I want to create a random normal distribution in pytorch and mean and std are 4, 0.5 respectively. I didn\'t find a API for it. Anyone knows? Thanks very much.
For all distribution see: https://pytorch.org/docs/stable/distributions.html#
click on right menu to jump to normal (or search in the docs).
An example code:
import torch
num_samples = 3
Din = 1
mu, std = 0, 1
x = torch.distributions.normal.Normal(loc=mu, scale=std).sample((num_samples, Din))
print(x)
For details on torch distributions (with emphasis on uniform) see my SO answer here: https://stackoverflow.com/a/62919760/1601580
For a standard normal distribution (i.e. mean=0
and variance=1
), you can use torch.randn()
For your case of custom mean
and std
, you can use torch.distributions.Normal()
Init signature:
tdist.Normal(loc, scale, validate_args=None)Docstring:
Creates a normal (also called Gaussian) distribution parameterized byloc
andscale
.Args:
loc (float or Tensor): mean of the distribution (often referred to as mu)
scale (float or Tensor): standard deviation of the distribution (often referred to as sigma)
Here's an example:
In [32]: import torch.distributions as tdist
In [33]: n = tdist.Normal(torch.tensor([4.0]), torch.tensor([0.5]))
In [34]: n.sample((2,))
Out[34]:
tensor([[ 3.6577],
[ 4.7001]])
You can easily use torch.Tensor.normal_() method.

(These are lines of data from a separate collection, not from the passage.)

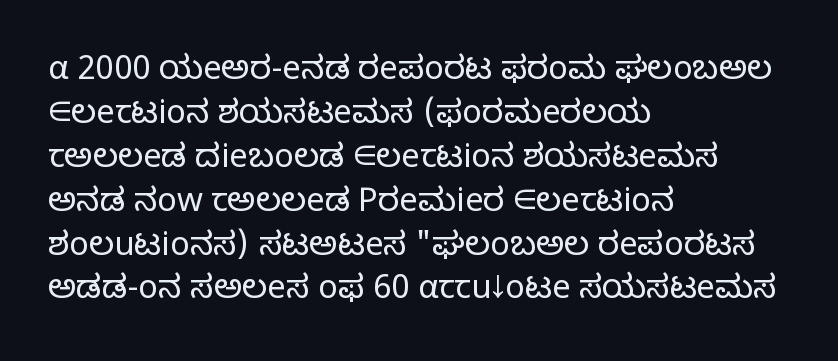
A typesetter would call this proportional, since set widths differ per character. Rule under the text: the space is simply empty. Line starts are locked; line ends wander. Nope, not italic — everything's standing straight. Nobody touched the tracking dial on this one. Nothing heavy about these letters — not bold at all.
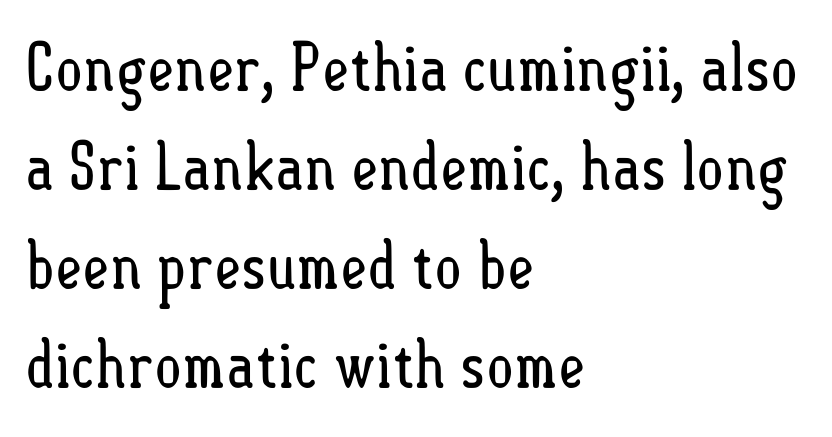
{"italic": "no", "bold": "no", "weight": "regular", "width": "condensed", "stroke_contrast": "low", "x_height": "small", "monospaced": "no", "underline": "no", "align": "left", "line_spacing": "normal", "line_spacing_ratio": 1.5, "letter_spacing": "normal", "letter_spacing_em": 0.0, "glyph_px": 66}
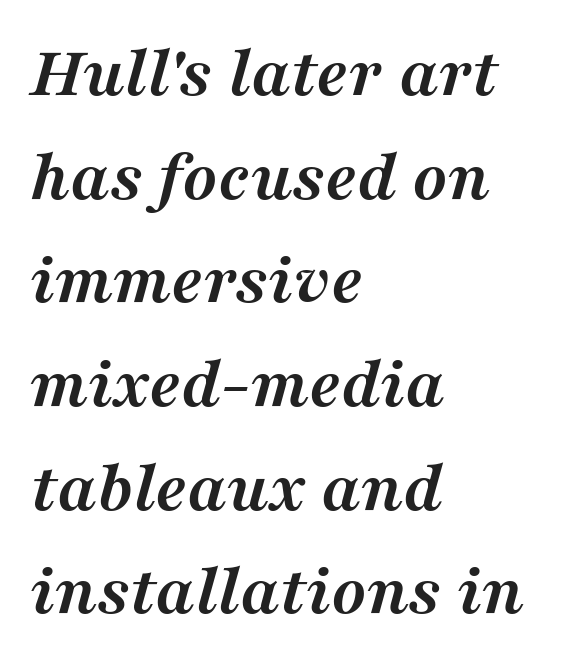
The face used here is proportionally spaced, like ordinary book or web type. Bold? Absolutely — the strokes are thick and heavy. The characters display serif detailing at their extremities. The line texture is even and compact thanks to regular tracking. Alignment: flush left. Descender tails drop into unmarked territory.
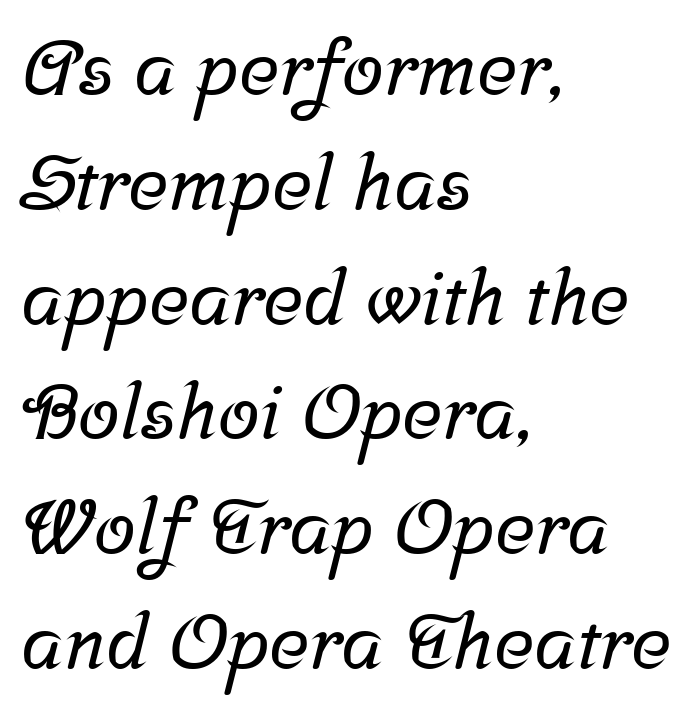
Q: Is the text underlined? A: No.
Q: How is the paragraph aligned? A: Left-aligned.
Q: Is the spacing between letters normal or unusually wide? A: Normal.
Q: Is the spacing between lines tight, normal or loose? A: Normal.
Q: Width (condensed, normal, or wide)? A: Normal.
Q: Stroke contrast? A: Low.
Q: x-height? A: Medium.
Q: Monospaced? A: No.
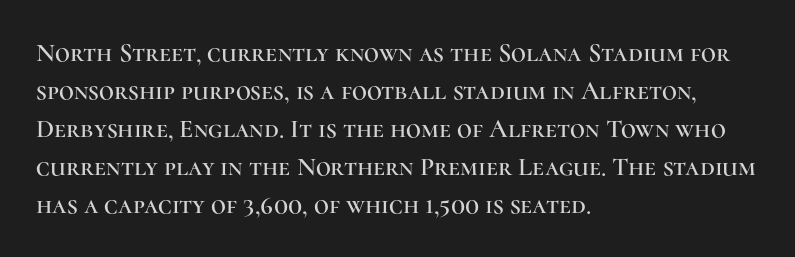
The image shows 26 px text type, upright; set left-aligned, normal line spacing (1.46x), normal letter spacing, not underlined.
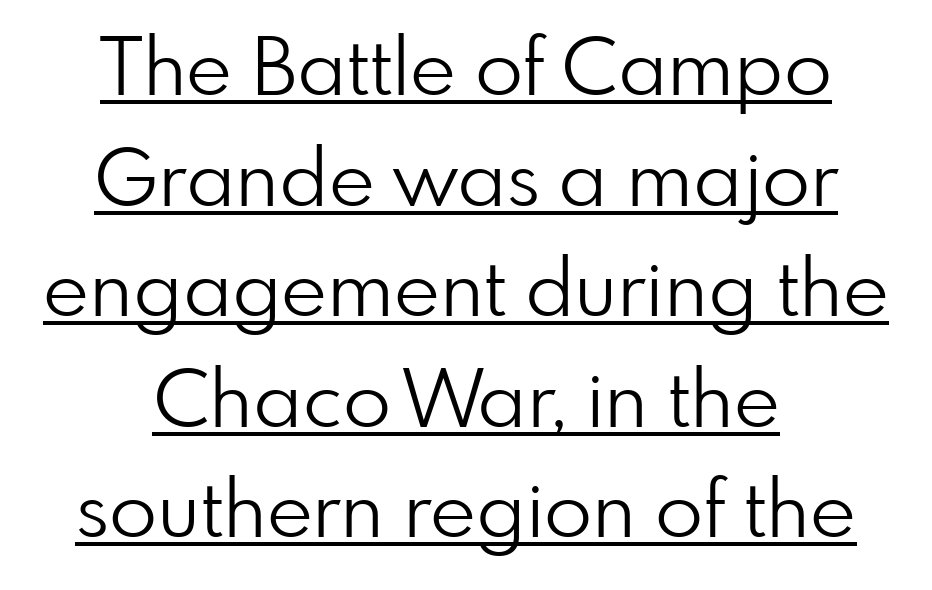
Evenly set lines give the paragraph a standard silhouette. Letters have the restrained weight of plain body copy at most. Descenders here cross a horizontal rule under the line. A typesetter would mark this as roman, not italic. Default kerning and tracking; the words read as compact shapes. Each letter keeps its own natural width here, so spacing adapts to shape.
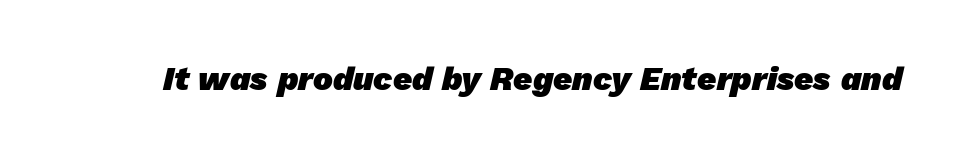
Q: Is the text bold? A: Yes.
Q: Is the typeface a serif or a sans-serif typeface? A: Sans-serif.
Q: Is the text underlined? A: No.
Q: Is the spacing between letters normal or unusually wide? A: Normal.
Q: Width (condensed, normal, or wide)? A: Normal.
Q: Stroke contrast? A: Low.
Q: x-height? A: Medium.
Q: Monospaced? A: No.
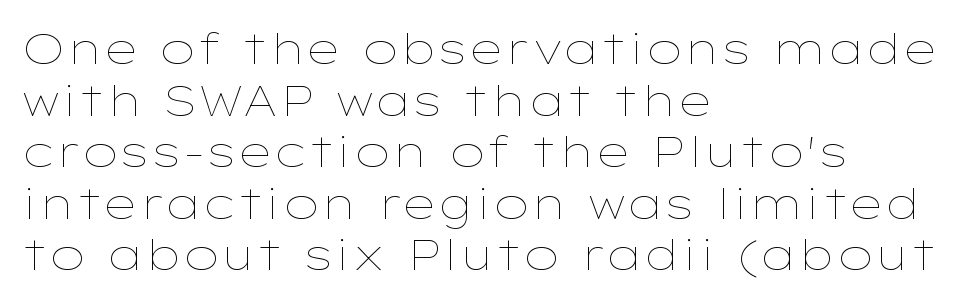
The image shows 43 px thin, wide type, upright; set left-aligned, line spacing 1.2x, normal letter spacing, not underlined; low stroke contrast and a medium x-height.
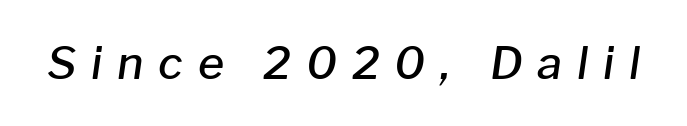
The gaps between neighbouring characters are conspicuously large. On the weight axis this lands at semibold, roughly 600. You can tell it's italic because the verticals aren't actually vertical. Think of a printed novel: that variable character pitch is what you see here. Check under the words: just untouched page.
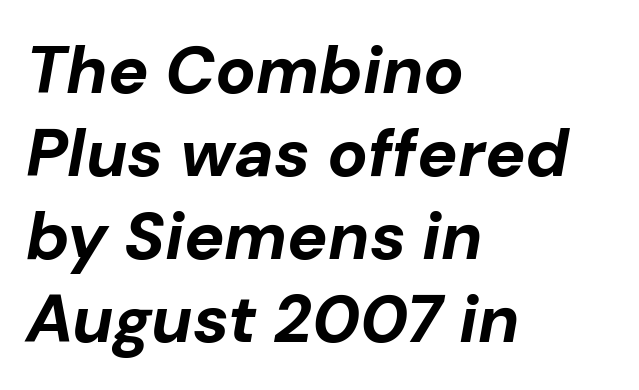
Character widths vary here, with narrow letters taking less room than wide ones. Honestly, the letter spacing is just normal — you wouldn't notice it. These lines were composed using italics. The rag falls on the right side of this text block. Descender tails drop into unmarked territory. Weight: bold.
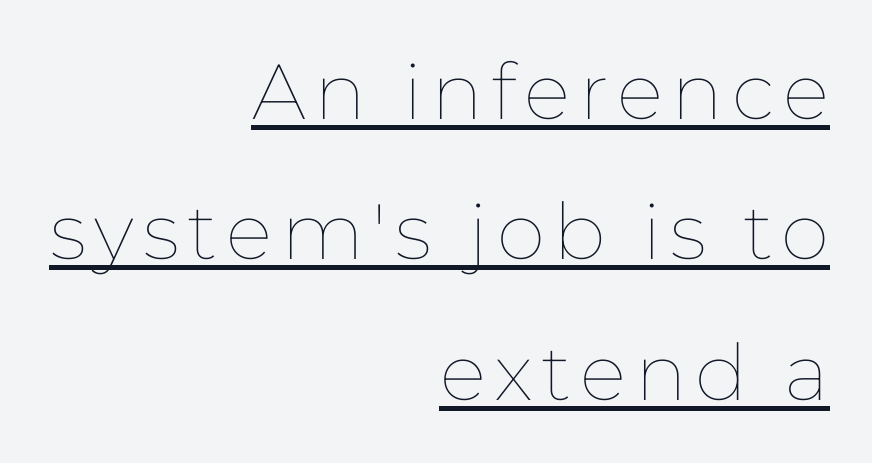
Students, observe the line beneath the letters — that is underlining. In terms of posture, this sample is upright. Horizontal alignment here is rightward, an uncommon choice for prose. The rendering uses natural spacing where letterforms have individual widths.
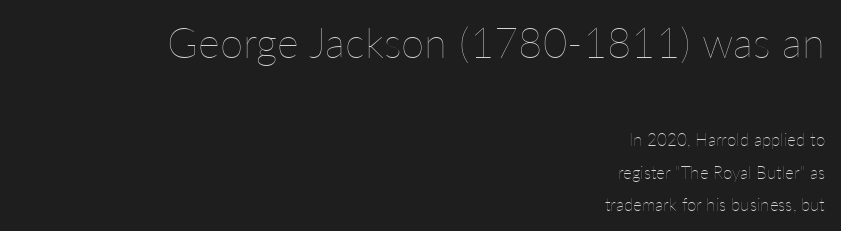
The image shows 42 px thin type, upright; set right-aligned, loose line spacing (1.9x), normal letter spacing, not underlined; the first (top) block is 2.47x larger; low stroke contrast and a medium x-height.
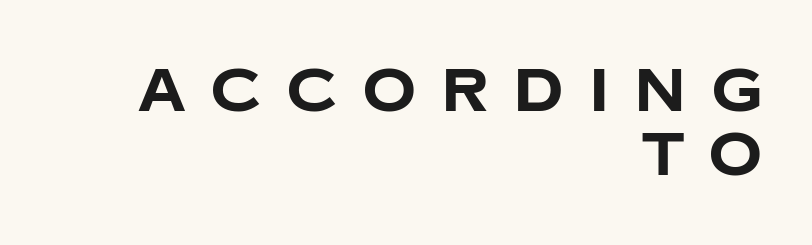
The passage shown is typed in a proportional face where columns would drift. Short and long lines alike share a common ending point at right. Only glyphs here, with clear space below each row. Heft: maximum for text — a bold. Honestly, the letter spacing is so wide it's the main thing you notice.
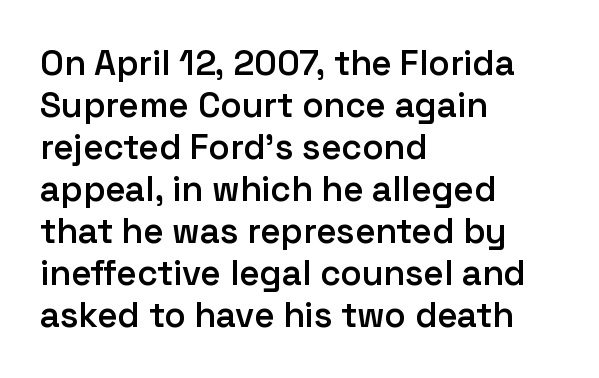
{"serif": "no", "italic": "no", "bold": "semi", "weight": "semibold", "width": "normal", "stroke_contrast": "low", "x_height": "medium", "monospaced": "no", "underline": "no", "align": "left", "line_spacing_ratio": 1.2, "letter_spacing": "normal", "letter_spacing_em": 0.0, "glyph_px": 35}
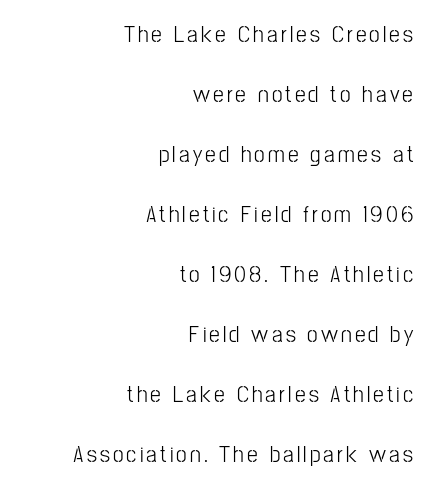
The image shows 24 px text type, upright; set right-aligned, loose line spacing (2.5x), not underlined.

Let's create a matrix Z (a 1d tensor) of dimension 1 × 5
, filled with random elements samples from the normal distribution parameterized by mean = 4
and std = 0.5
.
torch.empty(5).normal_(mean=4,std=0.5)
Result:
tensor([4.1450, 4.0104, 4.0228, 4.4689, 3.7810])
You can create your distribution like described here in the docs. In your case this should be the correct call, including sampling from the created distribution:
from torch.distributions import normal
m = normal.Normal(4.0, 0.5)
s = m.sample()
If you want to get a sample of a certain size/shape, you can pass it to sample(), for example
s = m.sample([5, 5])
for a 5x5-Tensor.
A simple option is to use the randn
function from the base module. It creates a random sample from the standard Gaussian distribution. To change the mean and the standard deviation you just use addition and multiplication. Below I create sample of size 5 from your requested distribution.
import torch
torch.randn(5) * 0.5 + 4 # tensor([4.1029, 4.5351, 2.8797, 3.1883, 4.3868])
It depends on what you want to generate.
For generating standard normal distribution use -
torch.randn()
for all all distribution (say normal, poisson or uniform etc) use
torch.distributions.Normal()
or torch.distribution.Uniform()
.
A detail of all these methods can be seen here - https://pytorch.org/docs/stable/distributions.html#normal
Once you define these methods you can use .sample method to generate the number of instances. It also allows you to generates a sample_shape shaped sample or sample_shape shaped batch of samples if the distribution parameters are batched.